Understanding the kinds of costs, and tracking them, will help you better manage your practice’s finances. 

I have discovered physicians, regardless of their years of experience, share a common misunderstanding about the costs of doing business. 

There are two broad types of costs: fixed or variable. Learning how to distinguish those costs-and monitor them individually-will help you better control them. 

Fixed costs

Fixed costs are those costs that do not change with the activity of your practice. These costs occur just because you are in business. Whether you see one or one 1,000 patients in a month, these costs do not vary. Fixed costs also usually do not change during a specified time period. For example, your rental rate is determined by a square-foot price. Your rent is fixed from month to month for the term of your lease. Other examples of fixed costs include medical malpractice insurance and health insurance. Depending upon your contract, your electronic health record (EHR) system might also be a fixed cost.  

Variable costs

Variable costs are costs that change with the activity level of your clinic. These costs rise as the activity of the clinic rise and decline as the activity of the clinic decline. An example of a variable cost would be the hourly cost of nurses in your clinic. If they work more hours during the busy time of the year, your costs will be higher because the nurses are working more. During the slow season, your costs will decline following the activity level of your clinic. Other variable costs include utilities, transcription services, and medical supplies.

Determining your costs

There are many ways to determine your costs. The first is a reliable and accurate accounting system. You, your office manager, and your accountant can work together to install a comprehensive accounting system. It might be expensive up front, but it should make tracking costs easier for you.

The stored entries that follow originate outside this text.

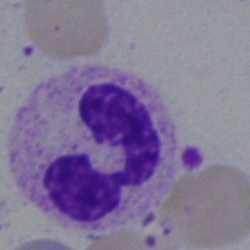Q: Identify the cell.
A: A polymorphonuclear neutrophil.
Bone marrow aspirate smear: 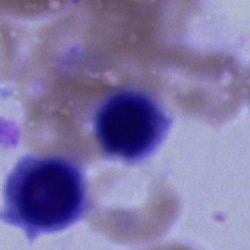The morphological class is erythroblast.
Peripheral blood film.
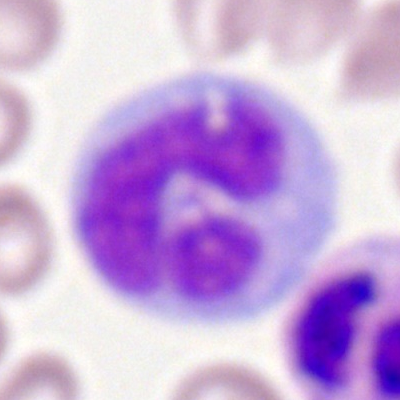

Impression — monocyte.
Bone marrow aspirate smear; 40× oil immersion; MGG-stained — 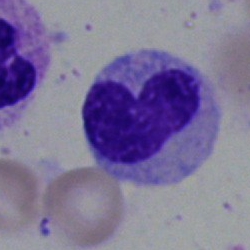 Metamyelocyte.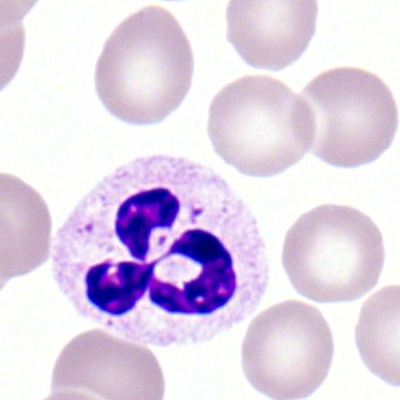
The cell shown is a neutrophil (segmented).
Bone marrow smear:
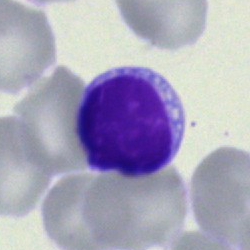 Morphology consistent with a lymphocyte.
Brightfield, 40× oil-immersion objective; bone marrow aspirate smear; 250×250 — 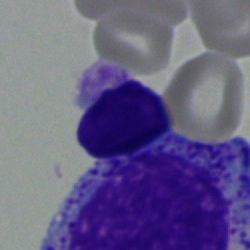

Morphological class: lymphocyte.
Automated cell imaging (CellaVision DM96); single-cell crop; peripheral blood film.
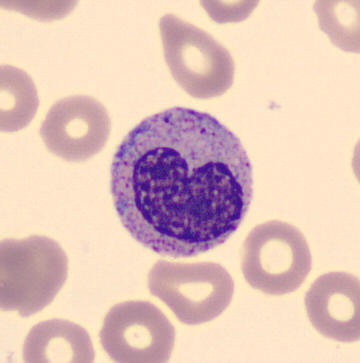 The cell is metamyelocyte.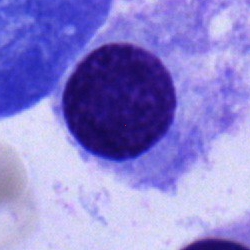 Q: What type of cell is this?
A: A plasmacyte.
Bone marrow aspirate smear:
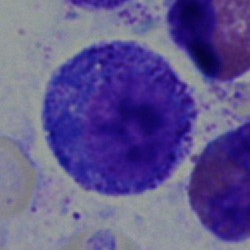 Specimen: bone marrow aspirate smear.
Morphological class: promyelocyte.
Lineage: myeloid.

The second, more budget friendly, option is to use a program such as Excel or other spreadsheet program. You will need copies of your cost or expense reports and the productivity reports for the same time periods. Collect a few months and then plot your costs as a function of activity. Next, create a scatter plot and then add a trend line to the graph. This will give you an equation that will estimate your costs as a function of activity in the form of y=mx+b. In this formula, 

  • y represents your total costs, 

  • x represents the level of activity, 

  • m represents your variable costs, and

  • b represents be your fixed costs. 

In the example below, we see our fixed costs are $7,168.30. This means it costs us $7,100 each month just to stay in business. Our variable costs are $53.44 per patient we see. When we see more patients, our total costs will rise.

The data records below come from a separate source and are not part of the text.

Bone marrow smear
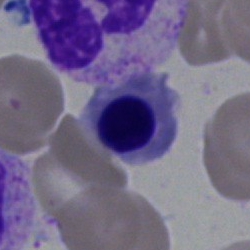Specimen: bone marrow aspirate smear.
Cell type: normoblast.
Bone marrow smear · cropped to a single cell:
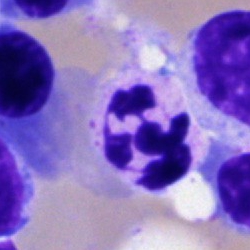 Q: What is shown here?
A: This is a neutrophil (segmented).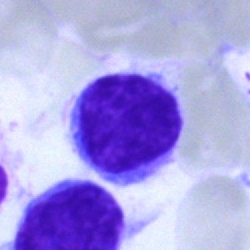Classification: lymphocyte.
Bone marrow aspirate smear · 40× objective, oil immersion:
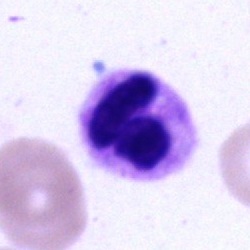Segmented neutrophil.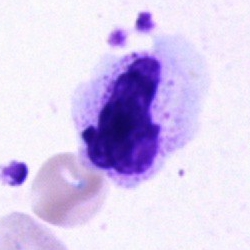
Cell — polymorphonuclear neutrophil.
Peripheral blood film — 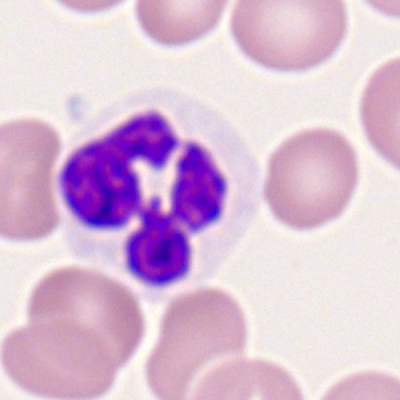

Morphological class — segmented neutrophil.

It’s not an exact representation of your costs, but it’s an excellent place to start. The critical thing to realize is that fixed costs do not change with the activity of your practice, so always account and budget for these known costs. Variable costs will rise and fall in line with the productivity level of your practice. If you know the average revenue per patient encounter at your clinic, you can use the fixed and variable costs to project your net income and know if you will to need to plan to use a line of credit or not. 

Budgeting and forecasting cash flow issues is not the only reason to identify the fixed and variable costs in your practice. You need to know this information if you want to expand your practice with either a new service line, extended hours of operation, or even new location.

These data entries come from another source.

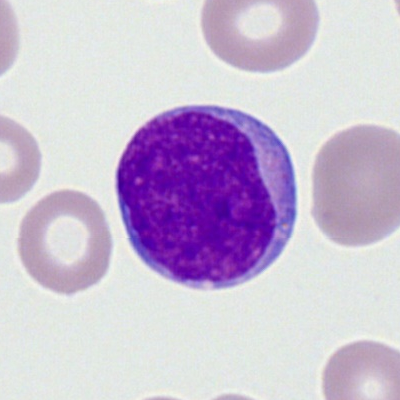
Single cell identified as a myeloid blast.
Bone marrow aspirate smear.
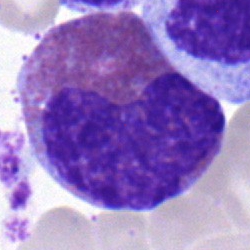 Classification — eosinophilic granulocyte.

This cost information can also guide the decision for whether you can allow physicians to go part time. A common problem with having part-time practitioners in your practice is how to assign the costs fairly. The method above is a reasonable method in determining how to divide the costs of the practice between full-time and part-time physicians. It is more accurate than if you were to spread the costs evenly between full- and part-time physicians.

In a following article, we will examine how to use this costing information with revenue data to determine our breakeven point.

David J. Norris, MD, MBA, is a practicing anesthesiologist in Wichita, Kan. He is the author of The Financially Intelligent Physician: What They Didn’t Teach You in Medical School and a frequent speaker on physician finances. Read more about David at www.davidnorrismdmba.com.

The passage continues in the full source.